First, the not-so great news:

It looks like only 3 tomato plants have survived so far… 2 Best Boy, and 1 Fourth of July.  You might be able to barely pick them out in the photo below (they are on the left two stakes in the back row and the far left stake in the front row).  I fully admit that this is mostly my own fault– I didn’t “harden off” my seedlings, and they weren’t looking so hot to begin with.  After all the work Husband put in to prepare the garden, we just might be adding some store-bought seedlings to the empty spaces.



The peppers aren’t faring so well, either.  The right-hand pepper (of the three sprouts planted) died pretty quickly.  The remaining two are looking a bit worse for wear.  It kind of looks like something is getting into the garden (despite the fencing) and nibbling on the leaves.

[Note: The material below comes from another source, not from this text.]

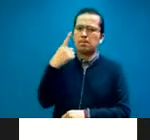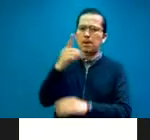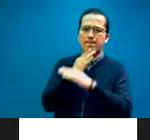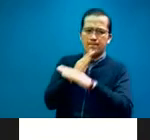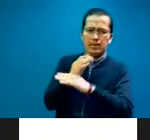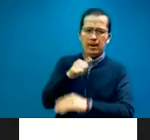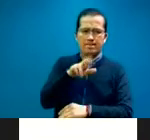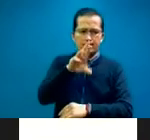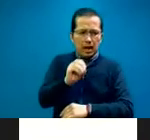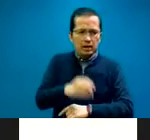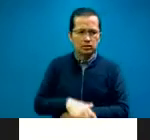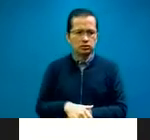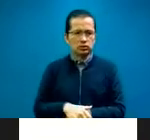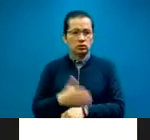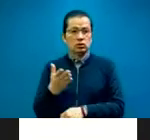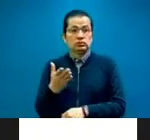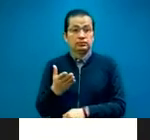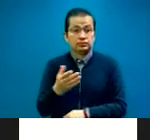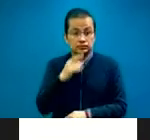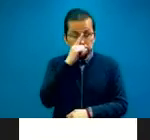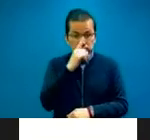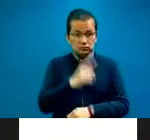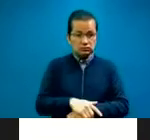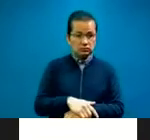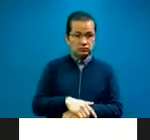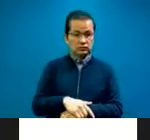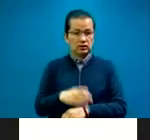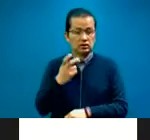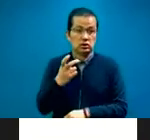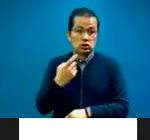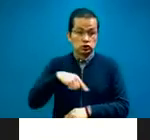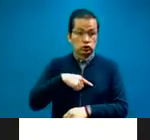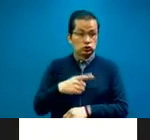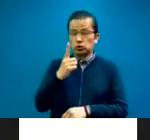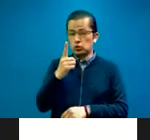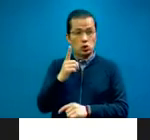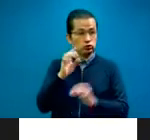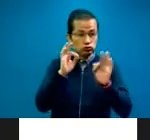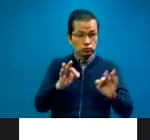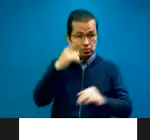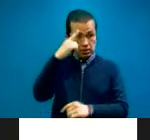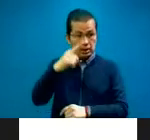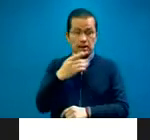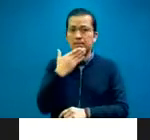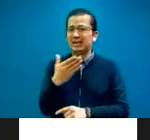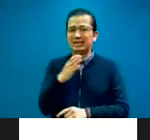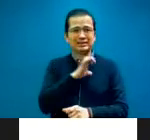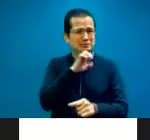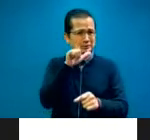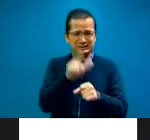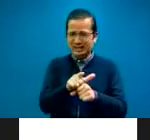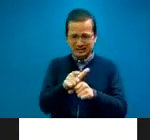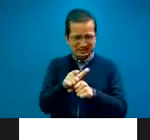despachos, al fin logramos uno que era especializado, muy especializado, muy bueno y que nos cobraban lo más,
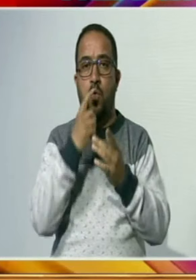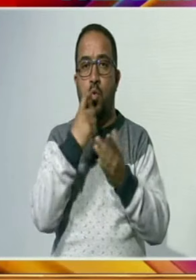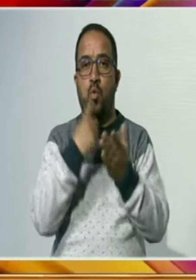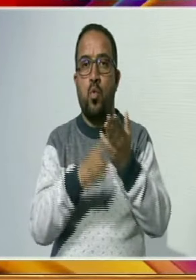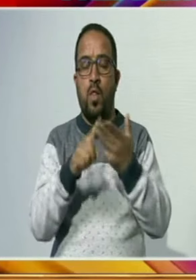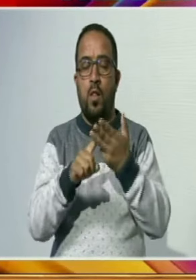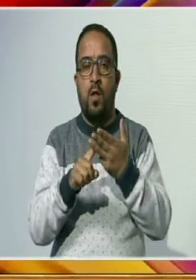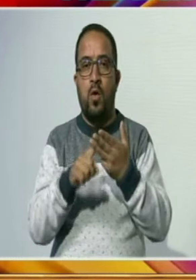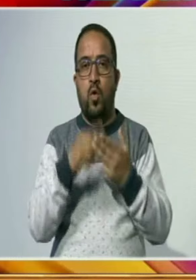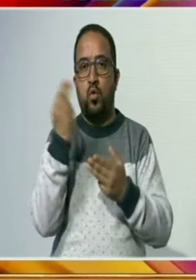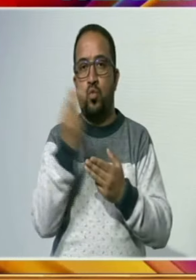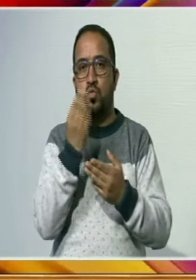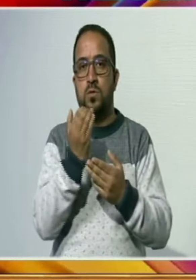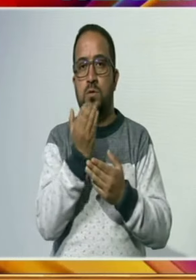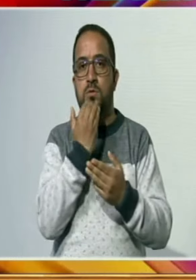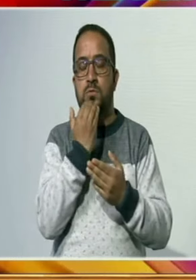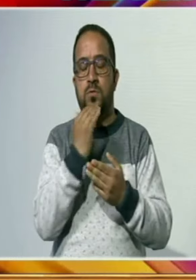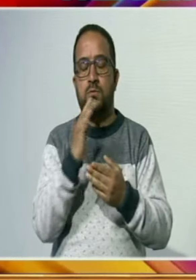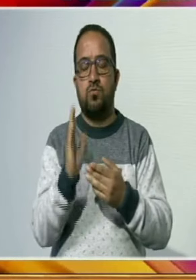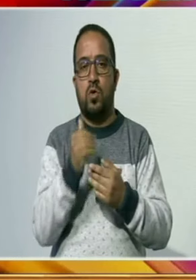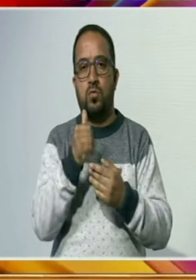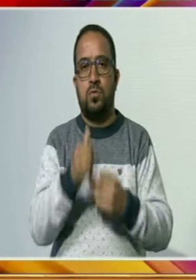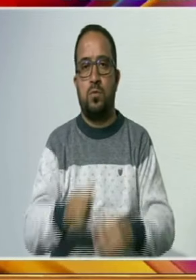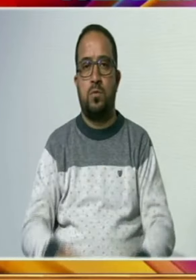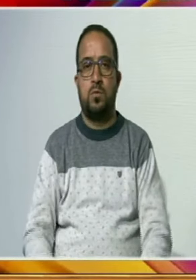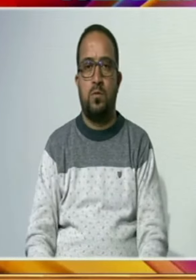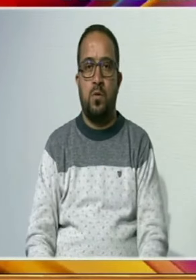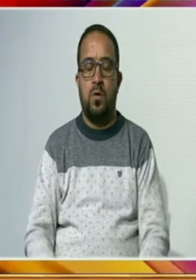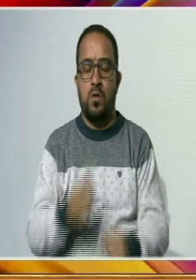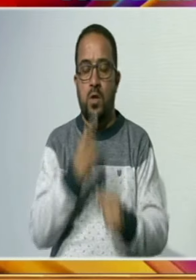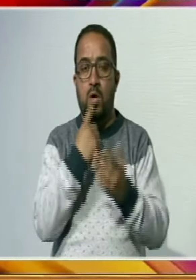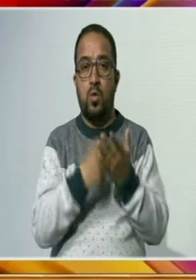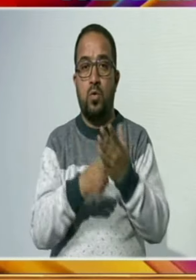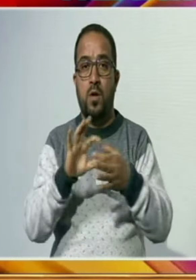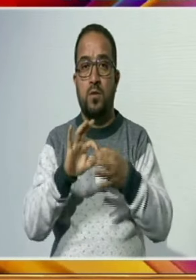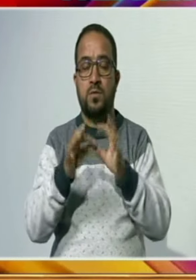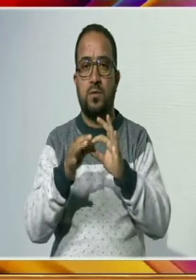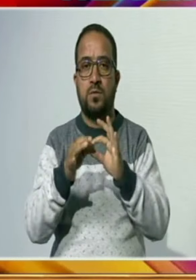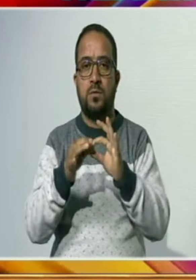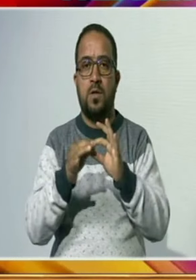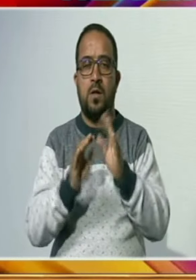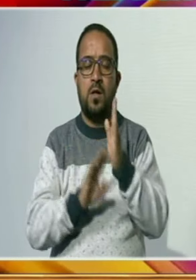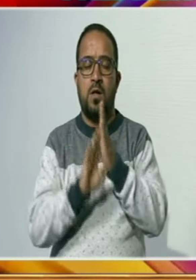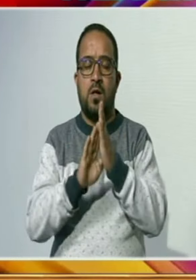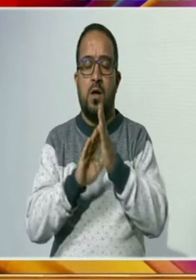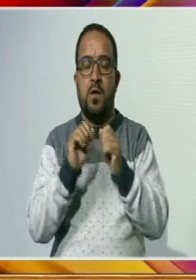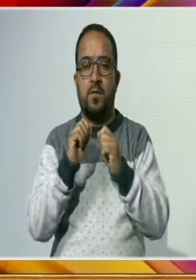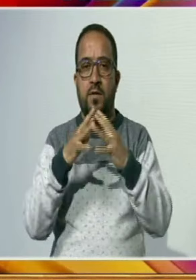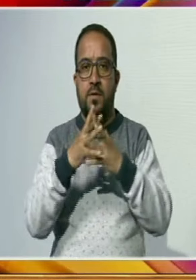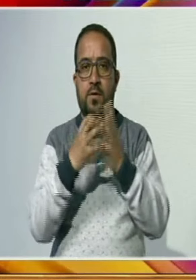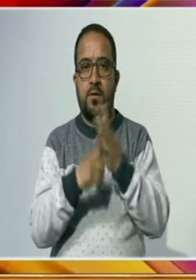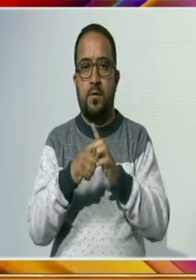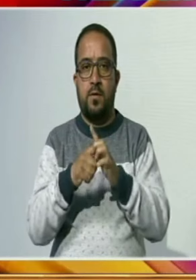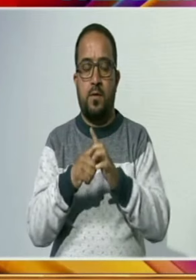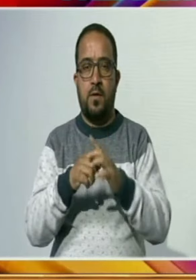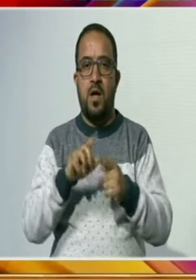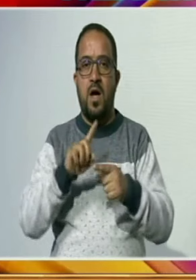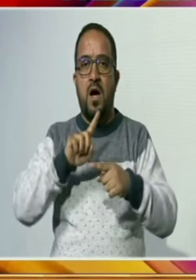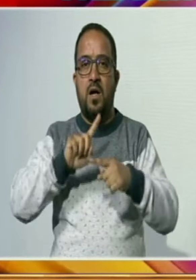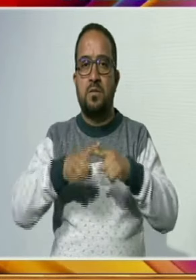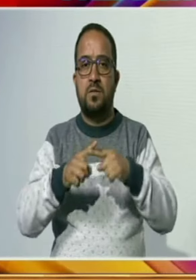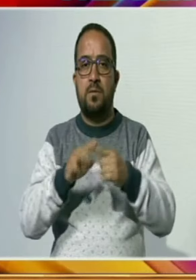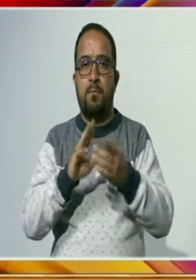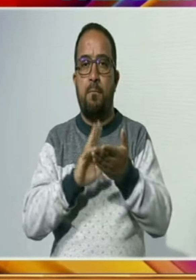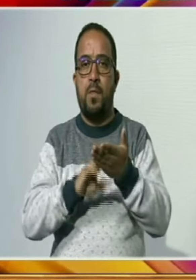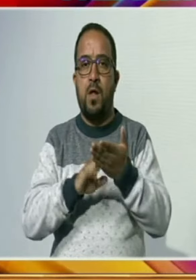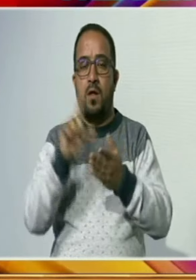ماہر تعلیم ماہر اقتصادیات سماجی اصلاحکار اور سیاسی لیڈر کے طور

left pepper.  barely surviving.

left pepper

right pepper.  barely surviving

right pepper (formerly middle pepper)


But there is a bright side!

My herb seeds are sprouting!

look at those herb sprouts!

look at those herb sprouts!

look at those herb sprouts!

I’m not sure what dill, marjoram, and savory sprouts look like, but I’m pretty sure the shorter sprouts with the rounded leaves are basil.  My (wild) guess is that the spikier ones are dill.

And there are zucchini sprouts!

Lake Valley zucchini sprout

Burpee zucchini sprout

And one lone cucumber sprout under the left trellis.  Can you spot it?  (I hope that in all of the in-ground garden photos you are graciously ignoring the fact that weeding needs to be done!)

one cucumber sprout under the left trellis


Finally, my daughter’s cherry tomato plant is growing happily.  She makes sure to look out at it each morning when she wakes up, and we have been faithfully watering it with her tiny “watering bucket” (as she calls it) on the days that it hasn’t rained!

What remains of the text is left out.